◆ WHAT YOU WILL DO
A verbatim transcript of the data below is required, images omitted.

◆ DATA EXTRACT
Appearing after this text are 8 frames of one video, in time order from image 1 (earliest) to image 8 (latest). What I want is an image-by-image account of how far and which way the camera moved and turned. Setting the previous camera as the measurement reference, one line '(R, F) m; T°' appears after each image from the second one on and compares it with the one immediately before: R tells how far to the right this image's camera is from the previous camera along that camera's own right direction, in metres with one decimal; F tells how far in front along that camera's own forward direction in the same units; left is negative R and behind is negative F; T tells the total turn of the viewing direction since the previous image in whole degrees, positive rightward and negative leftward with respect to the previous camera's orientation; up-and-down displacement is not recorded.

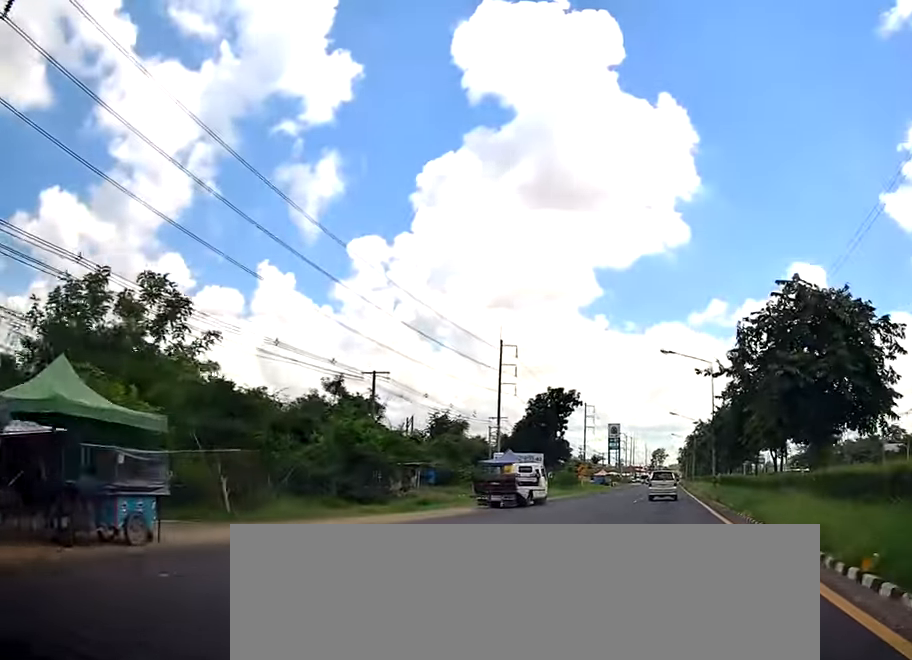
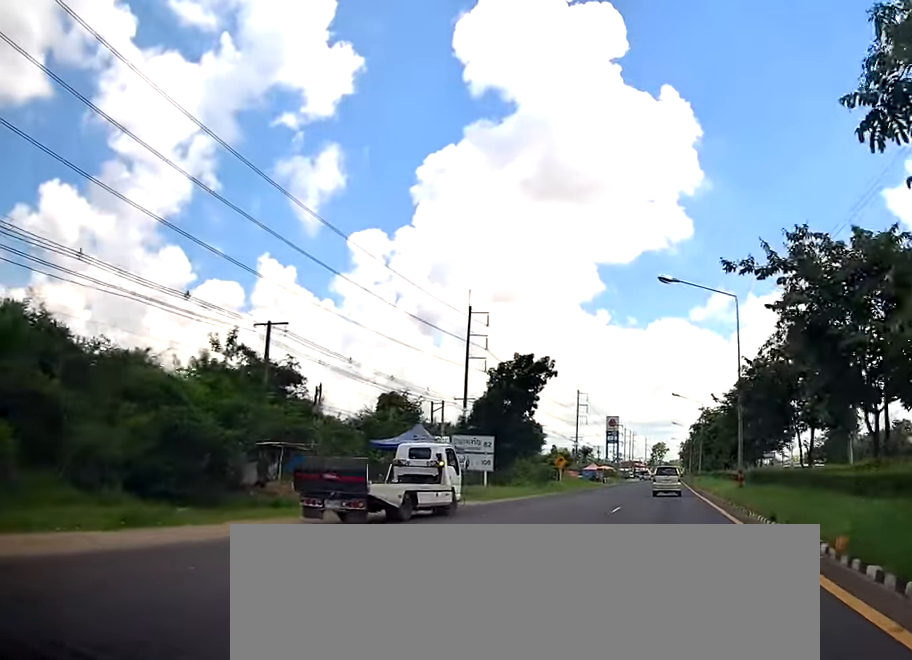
(-0.2, +16.0) m; -1°
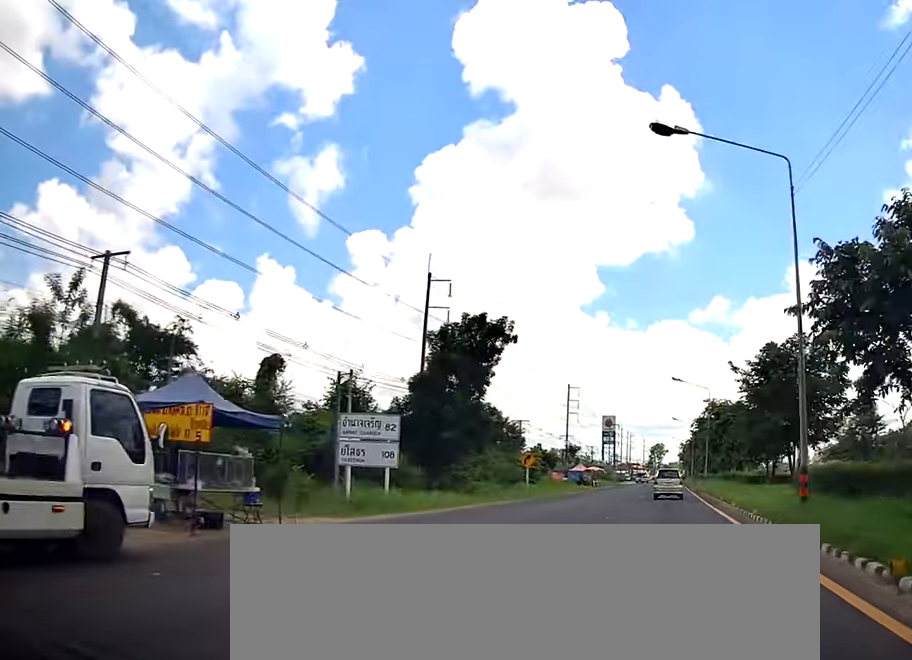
(-0.1, +14.0) m; 0°
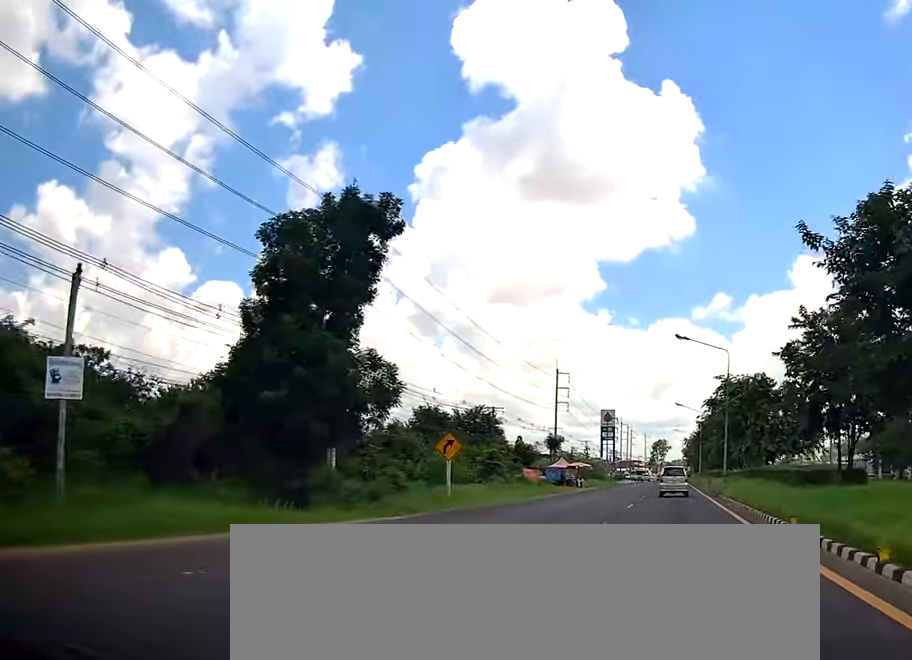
(+0.3, +17.6) m; +1°
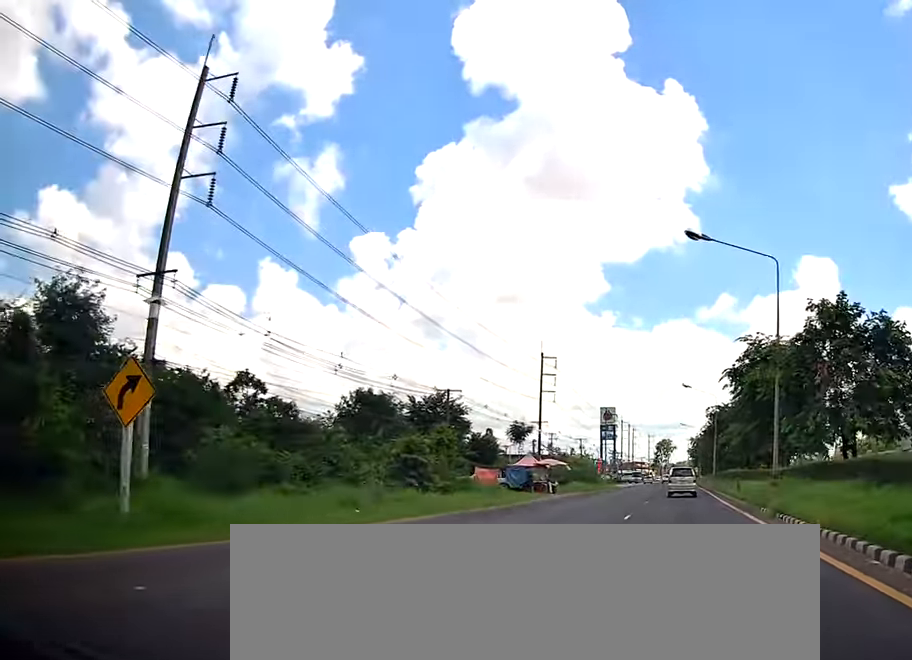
(-0.1, +19.0) m; 0°
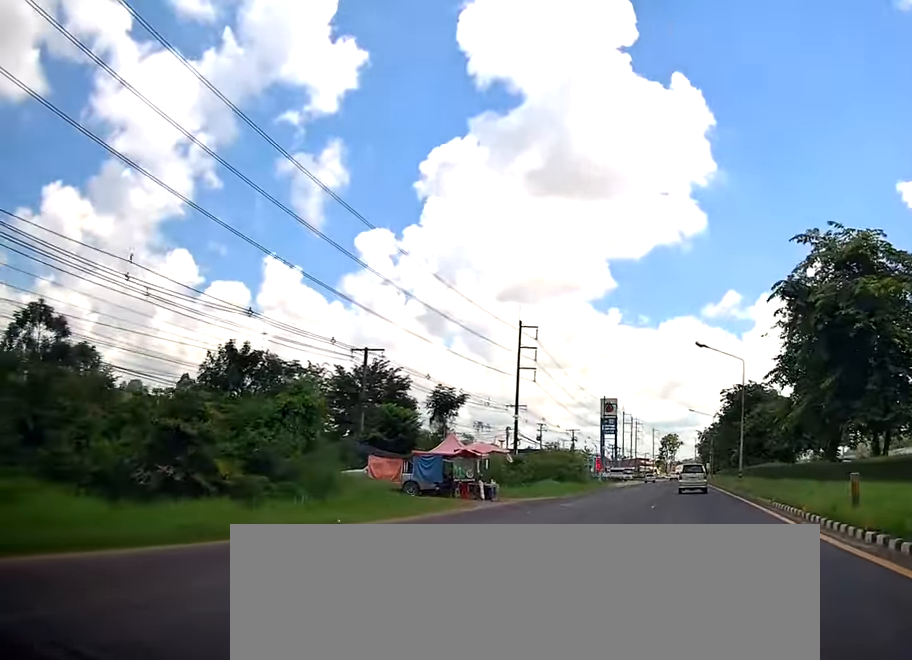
(0.0, +19.9) m; -1°
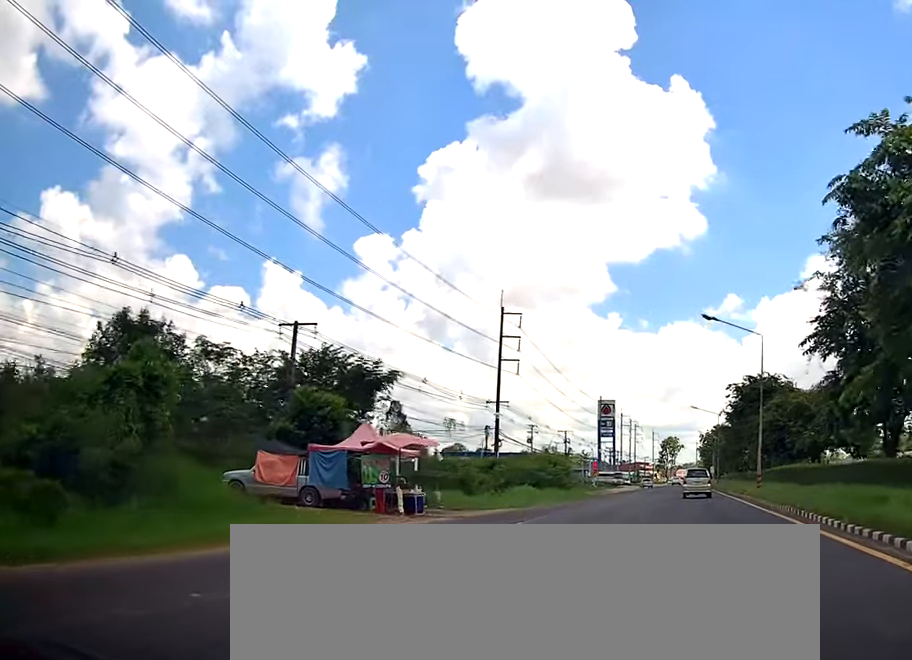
(0.0, +9.6) m; -1°
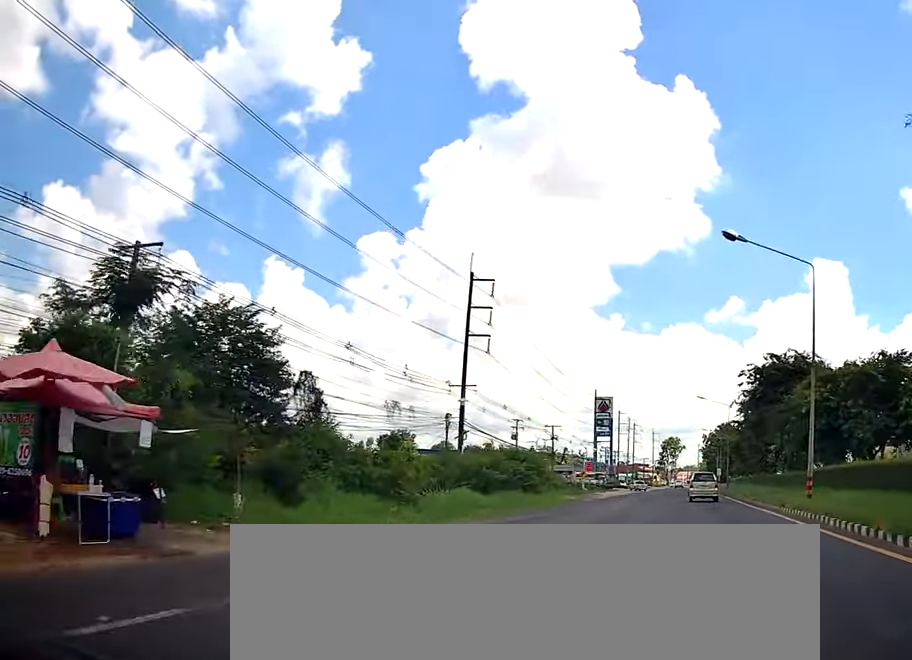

◆ TASK ANSWER
Appearing after this text are 8 frames of one video, in time order from image 1 (earliest) to image 8 (latest). What I want is an image-by-image account of how far and which way the camera moved and turned. Setting the previous camera as the measurement reference, one line '(R, F) m; T°' appears after each image from the second one on and compares it with the one immediately before: R tells how far to the right this image's camera is from the previous camera along that camera's own right direction, in metres with one decimal; F tells how far in front along that camera's own forward direction in the same units; left is negative R and behind is negative F; T tells the total turn of the viewing direction since the previous image in whole degrees, positive rightward and negative leftward with respect to the previous camera's orientation; up-and-down displacement is not recorded.

(-0.2, +16.0) m; -1°
(-0.1, +14.0) m; 0°
(+0.3, +17.6) m; +1°
(-0.1, +19.0) m; 0°
(0.0, +19.9) m; -1°
(0.0, +9.6) m; -1°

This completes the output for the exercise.